Explore the Potential with AI-Driven Innovation
Our detailed focused library is generated on demand with advanced virtual screening and parameter assessment technology powered by the Receptor.AI drug discovery platform. This method surpasses traditional approaches, delivering compounds of better quality with enhanced activity, selectivity, and safety.
We carefully select specific compounds from a vast collection of over 60 billion molecules in virtual chemical space. Our partner Reaxense helps in synthesizing and delivering these compounds.
The library includes a list of the most effective modulators, each annotated with 38 ADME-Tox and 32 physicochemical and drug-likeness parameters. Furthermore, each compound is shown with its optimal docking poses, affinity scores, and activity scores, offering a detailed summary.

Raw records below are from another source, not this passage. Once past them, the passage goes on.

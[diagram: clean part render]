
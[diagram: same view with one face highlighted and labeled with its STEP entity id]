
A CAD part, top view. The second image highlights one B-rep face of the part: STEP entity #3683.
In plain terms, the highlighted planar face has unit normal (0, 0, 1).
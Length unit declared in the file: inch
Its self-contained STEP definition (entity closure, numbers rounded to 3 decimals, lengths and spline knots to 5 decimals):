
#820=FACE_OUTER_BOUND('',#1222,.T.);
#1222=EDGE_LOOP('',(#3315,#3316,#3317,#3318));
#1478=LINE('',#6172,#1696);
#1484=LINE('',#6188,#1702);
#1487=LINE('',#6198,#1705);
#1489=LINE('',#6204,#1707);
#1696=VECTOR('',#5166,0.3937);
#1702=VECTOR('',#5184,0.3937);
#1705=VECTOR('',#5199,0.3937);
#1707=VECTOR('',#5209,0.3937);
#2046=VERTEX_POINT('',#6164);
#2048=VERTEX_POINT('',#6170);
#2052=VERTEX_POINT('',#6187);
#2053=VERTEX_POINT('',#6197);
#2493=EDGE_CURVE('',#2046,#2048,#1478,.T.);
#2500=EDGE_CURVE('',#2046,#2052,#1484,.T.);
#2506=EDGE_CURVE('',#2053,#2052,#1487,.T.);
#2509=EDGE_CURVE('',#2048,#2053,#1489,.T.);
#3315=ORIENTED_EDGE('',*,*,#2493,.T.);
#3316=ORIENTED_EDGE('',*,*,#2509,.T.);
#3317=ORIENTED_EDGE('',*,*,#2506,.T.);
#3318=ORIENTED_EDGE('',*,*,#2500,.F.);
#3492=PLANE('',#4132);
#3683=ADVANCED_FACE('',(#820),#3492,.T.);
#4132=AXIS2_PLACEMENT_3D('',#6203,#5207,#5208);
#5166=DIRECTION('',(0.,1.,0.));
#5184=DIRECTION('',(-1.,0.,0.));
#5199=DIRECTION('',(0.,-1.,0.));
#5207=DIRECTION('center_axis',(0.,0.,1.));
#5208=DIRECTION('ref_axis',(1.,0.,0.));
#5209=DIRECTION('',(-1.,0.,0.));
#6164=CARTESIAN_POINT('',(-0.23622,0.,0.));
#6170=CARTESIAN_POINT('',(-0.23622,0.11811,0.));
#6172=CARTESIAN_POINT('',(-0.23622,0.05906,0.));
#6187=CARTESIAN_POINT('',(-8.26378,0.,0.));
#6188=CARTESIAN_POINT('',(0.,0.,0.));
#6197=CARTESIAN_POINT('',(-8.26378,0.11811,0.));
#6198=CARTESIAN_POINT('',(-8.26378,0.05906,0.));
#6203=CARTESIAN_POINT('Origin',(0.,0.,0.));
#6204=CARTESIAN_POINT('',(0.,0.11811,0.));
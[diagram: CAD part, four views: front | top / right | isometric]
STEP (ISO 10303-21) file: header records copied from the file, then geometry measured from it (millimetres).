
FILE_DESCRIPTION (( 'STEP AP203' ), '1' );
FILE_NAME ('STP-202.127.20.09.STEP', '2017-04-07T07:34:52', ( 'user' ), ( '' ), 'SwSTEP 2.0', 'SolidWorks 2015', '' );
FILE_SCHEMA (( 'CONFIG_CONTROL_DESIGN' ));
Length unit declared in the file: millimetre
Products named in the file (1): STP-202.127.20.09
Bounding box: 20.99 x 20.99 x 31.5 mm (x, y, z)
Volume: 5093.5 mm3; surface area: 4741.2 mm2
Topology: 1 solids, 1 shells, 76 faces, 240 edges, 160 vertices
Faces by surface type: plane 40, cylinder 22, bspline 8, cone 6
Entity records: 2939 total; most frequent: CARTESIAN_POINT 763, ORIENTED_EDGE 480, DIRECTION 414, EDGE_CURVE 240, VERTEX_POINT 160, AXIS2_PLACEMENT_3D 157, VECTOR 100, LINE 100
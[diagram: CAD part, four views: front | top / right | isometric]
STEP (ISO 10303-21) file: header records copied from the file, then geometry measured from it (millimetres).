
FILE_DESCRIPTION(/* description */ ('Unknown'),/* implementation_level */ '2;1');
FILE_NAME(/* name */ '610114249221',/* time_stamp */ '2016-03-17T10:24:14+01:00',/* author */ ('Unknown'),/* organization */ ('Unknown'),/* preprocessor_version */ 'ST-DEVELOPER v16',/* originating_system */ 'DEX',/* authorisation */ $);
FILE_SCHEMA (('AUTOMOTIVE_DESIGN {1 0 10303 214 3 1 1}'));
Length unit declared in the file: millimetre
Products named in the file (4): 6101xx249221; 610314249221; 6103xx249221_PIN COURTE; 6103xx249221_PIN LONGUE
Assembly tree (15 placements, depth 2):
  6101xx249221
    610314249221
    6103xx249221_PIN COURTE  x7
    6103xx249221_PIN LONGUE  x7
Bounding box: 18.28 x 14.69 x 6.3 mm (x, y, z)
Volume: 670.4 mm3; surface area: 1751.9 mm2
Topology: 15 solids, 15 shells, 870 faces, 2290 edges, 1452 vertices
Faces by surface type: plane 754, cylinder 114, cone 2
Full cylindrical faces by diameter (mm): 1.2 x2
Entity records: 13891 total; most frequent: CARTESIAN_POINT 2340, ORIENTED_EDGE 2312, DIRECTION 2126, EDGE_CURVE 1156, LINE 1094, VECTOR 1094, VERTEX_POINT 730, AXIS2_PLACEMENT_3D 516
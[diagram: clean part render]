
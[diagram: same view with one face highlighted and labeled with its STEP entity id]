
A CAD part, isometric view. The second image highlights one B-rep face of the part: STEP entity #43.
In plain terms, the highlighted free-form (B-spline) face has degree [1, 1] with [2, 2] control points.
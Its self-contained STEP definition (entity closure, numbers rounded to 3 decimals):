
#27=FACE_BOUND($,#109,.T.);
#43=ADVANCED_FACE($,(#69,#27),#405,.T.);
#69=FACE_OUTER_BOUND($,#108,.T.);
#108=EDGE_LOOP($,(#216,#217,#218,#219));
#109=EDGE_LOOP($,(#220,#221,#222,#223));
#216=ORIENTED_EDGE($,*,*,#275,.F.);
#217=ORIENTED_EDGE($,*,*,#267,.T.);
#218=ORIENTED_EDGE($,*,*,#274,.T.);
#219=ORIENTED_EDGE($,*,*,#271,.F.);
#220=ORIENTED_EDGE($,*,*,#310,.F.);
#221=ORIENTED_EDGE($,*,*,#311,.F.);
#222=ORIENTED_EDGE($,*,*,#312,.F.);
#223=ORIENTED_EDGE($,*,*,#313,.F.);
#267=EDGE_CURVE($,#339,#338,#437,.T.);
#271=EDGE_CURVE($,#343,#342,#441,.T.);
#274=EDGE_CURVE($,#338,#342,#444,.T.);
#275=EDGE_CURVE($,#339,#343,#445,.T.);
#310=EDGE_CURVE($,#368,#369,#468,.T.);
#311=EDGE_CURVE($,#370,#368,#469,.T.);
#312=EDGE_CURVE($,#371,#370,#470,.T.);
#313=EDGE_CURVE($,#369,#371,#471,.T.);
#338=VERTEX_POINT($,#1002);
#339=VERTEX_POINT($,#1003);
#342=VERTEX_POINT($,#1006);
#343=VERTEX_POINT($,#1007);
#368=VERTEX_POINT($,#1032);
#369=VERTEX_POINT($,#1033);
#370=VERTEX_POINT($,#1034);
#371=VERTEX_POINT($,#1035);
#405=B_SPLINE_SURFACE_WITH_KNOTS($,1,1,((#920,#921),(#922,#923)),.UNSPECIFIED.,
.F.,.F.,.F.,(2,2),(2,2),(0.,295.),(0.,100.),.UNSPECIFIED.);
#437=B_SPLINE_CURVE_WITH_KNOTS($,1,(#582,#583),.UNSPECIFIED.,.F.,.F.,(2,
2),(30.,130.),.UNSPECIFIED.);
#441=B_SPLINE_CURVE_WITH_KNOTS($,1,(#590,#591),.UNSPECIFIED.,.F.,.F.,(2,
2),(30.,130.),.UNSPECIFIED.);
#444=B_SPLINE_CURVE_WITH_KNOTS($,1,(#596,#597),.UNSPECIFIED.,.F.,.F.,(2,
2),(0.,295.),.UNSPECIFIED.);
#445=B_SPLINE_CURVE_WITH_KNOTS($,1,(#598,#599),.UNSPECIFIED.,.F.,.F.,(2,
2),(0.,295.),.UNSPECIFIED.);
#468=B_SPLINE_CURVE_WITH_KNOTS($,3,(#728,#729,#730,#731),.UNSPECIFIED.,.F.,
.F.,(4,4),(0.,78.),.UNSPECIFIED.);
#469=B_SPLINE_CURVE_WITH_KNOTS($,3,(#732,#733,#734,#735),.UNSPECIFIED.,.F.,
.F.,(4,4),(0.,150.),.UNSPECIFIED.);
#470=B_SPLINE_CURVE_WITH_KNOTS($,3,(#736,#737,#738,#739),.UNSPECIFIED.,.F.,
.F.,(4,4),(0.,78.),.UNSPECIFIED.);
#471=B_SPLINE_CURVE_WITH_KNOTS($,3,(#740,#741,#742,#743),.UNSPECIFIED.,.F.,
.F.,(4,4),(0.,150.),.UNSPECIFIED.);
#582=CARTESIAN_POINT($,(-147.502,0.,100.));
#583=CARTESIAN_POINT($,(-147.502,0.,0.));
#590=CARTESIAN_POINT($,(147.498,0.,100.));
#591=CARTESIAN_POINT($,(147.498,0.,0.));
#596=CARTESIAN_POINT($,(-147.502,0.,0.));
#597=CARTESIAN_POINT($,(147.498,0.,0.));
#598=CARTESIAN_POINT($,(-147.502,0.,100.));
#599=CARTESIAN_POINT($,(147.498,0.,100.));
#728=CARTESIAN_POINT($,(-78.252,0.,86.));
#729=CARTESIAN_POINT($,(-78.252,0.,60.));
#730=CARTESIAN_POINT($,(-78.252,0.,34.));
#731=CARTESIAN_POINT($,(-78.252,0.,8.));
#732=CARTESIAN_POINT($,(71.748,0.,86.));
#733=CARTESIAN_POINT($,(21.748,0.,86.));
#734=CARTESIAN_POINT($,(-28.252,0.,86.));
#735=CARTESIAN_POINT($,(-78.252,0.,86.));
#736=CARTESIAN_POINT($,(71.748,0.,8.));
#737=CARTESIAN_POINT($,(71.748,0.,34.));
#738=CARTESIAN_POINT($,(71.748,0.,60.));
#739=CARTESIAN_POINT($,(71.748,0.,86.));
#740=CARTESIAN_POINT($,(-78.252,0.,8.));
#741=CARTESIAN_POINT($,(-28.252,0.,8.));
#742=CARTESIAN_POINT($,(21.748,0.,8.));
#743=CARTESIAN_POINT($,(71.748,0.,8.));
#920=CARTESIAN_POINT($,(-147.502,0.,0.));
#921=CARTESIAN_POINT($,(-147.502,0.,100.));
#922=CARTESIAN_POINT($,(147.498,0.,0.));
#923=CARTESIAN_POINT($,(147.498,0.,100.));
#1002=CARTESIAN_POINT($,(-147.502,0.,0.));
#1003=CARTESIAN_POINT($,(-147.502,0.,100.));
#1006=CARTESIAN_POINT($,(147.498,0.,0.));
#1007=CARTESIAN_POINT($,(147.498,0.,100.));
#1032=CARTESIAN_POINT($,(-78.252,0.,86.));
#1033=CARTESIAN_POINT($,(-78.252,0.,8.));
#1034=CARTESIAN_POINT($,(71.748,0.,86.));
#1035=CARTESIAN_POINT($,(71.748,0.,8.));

Our high-tech, dedicated method is applied to construct targeted libraries.
Fig. 1. The sreening workflow of Receptor.AI
Utilising molecular simulations, our approach thoroughly examines a wide array of proteins, tracking their conformational changes individually and within complexes. Ensemble virtual screening enables us to address conformational flexibility, revealing essential binding sites at functional regions and allosteric locations. Our rigorous analysis guarantees that no potential mechanism of action is overlooked, aiming to uncover new therapeutic targets and lead compounds across diverse biological functions.
Our library stands out due to several important features:
partner
Reaxense
upacc
Q9UG63
UPID:
ABCF2_HUMAN
Alternative names:
Iron-inhibited ABC transporter 2
Alternative UPACC:
Q9UG63; O60864; Q75MJ0; Q75MJ1; Q96TE8
Background:
ATP-binding cassette sub-family F member 2, also known as Iron-inhibited ABC transporter 2, plays a crucial role in cellular processes by facilitating the transport of various molecules across extracellular and intracellular membranes. Its unique mechanism, driven by ATP hydrolysis, positions it as a key player in the maintenance of cellular homeostasis.
Therapeutic significance:
Understanding the role of ATP-binding cassette sub-family F member 2 could open doors to potential therapeutic strategies. Its involvement in critical transport functions suggests that modulation of its activity could have significant implications for disease treatment and drug delivery.